Como dijo Peterson, el discipulado al que Jesús nos llama es uno «dirigido tanto de forma personal como colectiva, en el cual tanto el interior como el exterior son continuos. Una vida en la que seamos cuidadosos y atentos tanto al cómo como al qué».

Peterson sugirió que esto se debe a que «si vamos a vivir la vida de Jesús, simplemente tenemos que hacerlo a la manera de Jesús; después de todo, Él es el Camino, así como la Verdad y la Vida». No hay cláusulas que permitan un escape de emergencia de vivir a la manera de la cruz.

Lo que parece ser popular en este momento no es tanto el evangelio de la prosperidad, sino más bien el evangelio de la depravación. En este evangelio de la depravación, los llamados en torno al carácter o las normas morales no son confrontados con apelaciones de «¡No culpable!», sino que son desestimadas con respuestas del tipo «¡Sean realistas!».

Sin embargo, este evangelio de la depravación trata de atraernos. No importa si lo adoptamos directamente, con regocijo ante la crueldad y la vulgaridad, o si nos lleva al tipo de cinismo que simplemente no espera que llegue algo mejor.

En ese camino se encuentra el nihilismo. De pronto te encontrarás en situaciones —o es posible que ya hayas estado en una de esas situaciones— en las que tienes la responsabilidad de hacer que una institución rinda cuentas. Quizás sea en algo tan simple como en tu carácter de votante. Quizás solo te encoges de hombros y brindas tu consentimiento a cualquier persona que tu partido apoye. Sin embargo, con el tiempo, eso te cambiará. Tal vez sea en tu carácter de miembro de una iglesia, o como parte de alguna denominación o ministerio cristiano.

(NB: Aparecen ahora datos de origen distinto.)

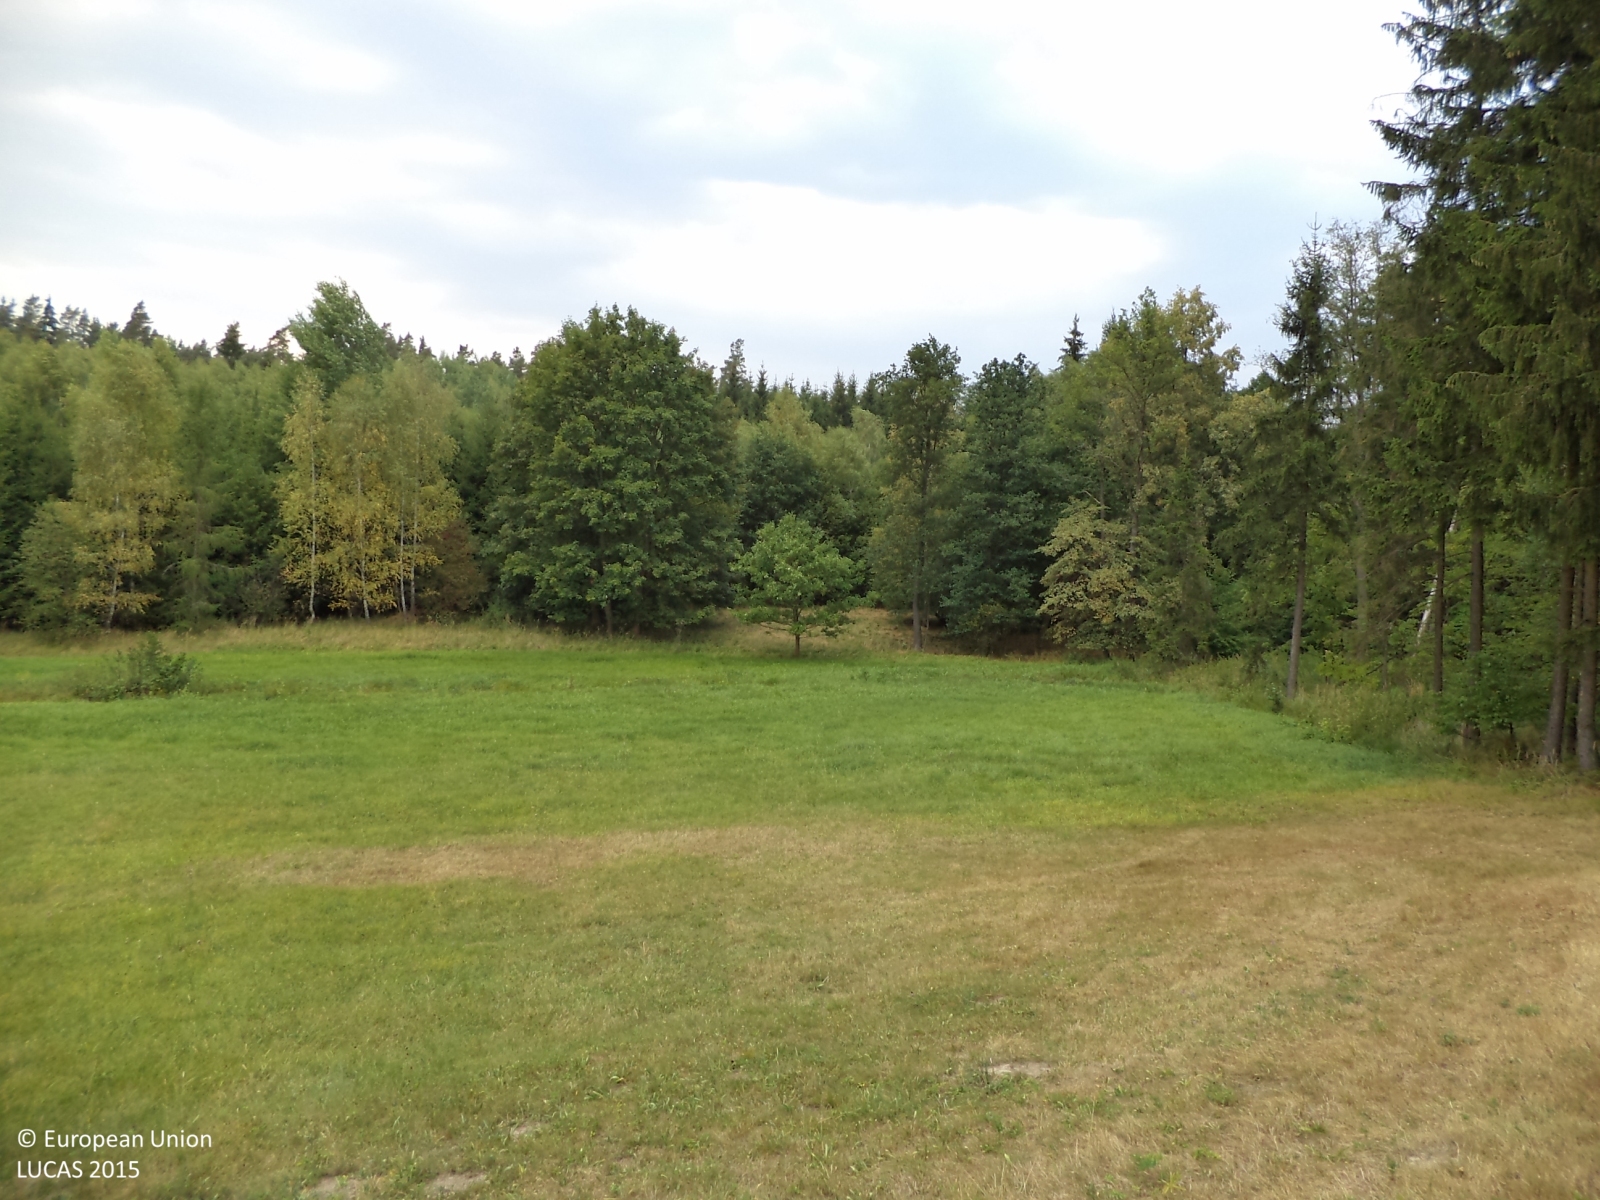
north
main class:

No confundas talento con carácter, ni en ti mismo, ni en cualquier otra persona. No debes esperar que tus líderes no tengan pecado. Pecarán, pero hay una diferencia entre un ser humano que peca y se arrepiente, y un claro patrón de corrupción. Si se trata de esto último, tendrás que preguntarte cómo abordarlo. ¿Deberás permanecer donde estás y tratar de efectuar un cambio? ¿O será mejor que te marches y encuentres un nuevo lugar para vivir y servir? No sé. Gran parte de eso depende de factores que a menudo simplemente desconoces. Te sugiero que te preguntes dónde están tus vulnerabilidades.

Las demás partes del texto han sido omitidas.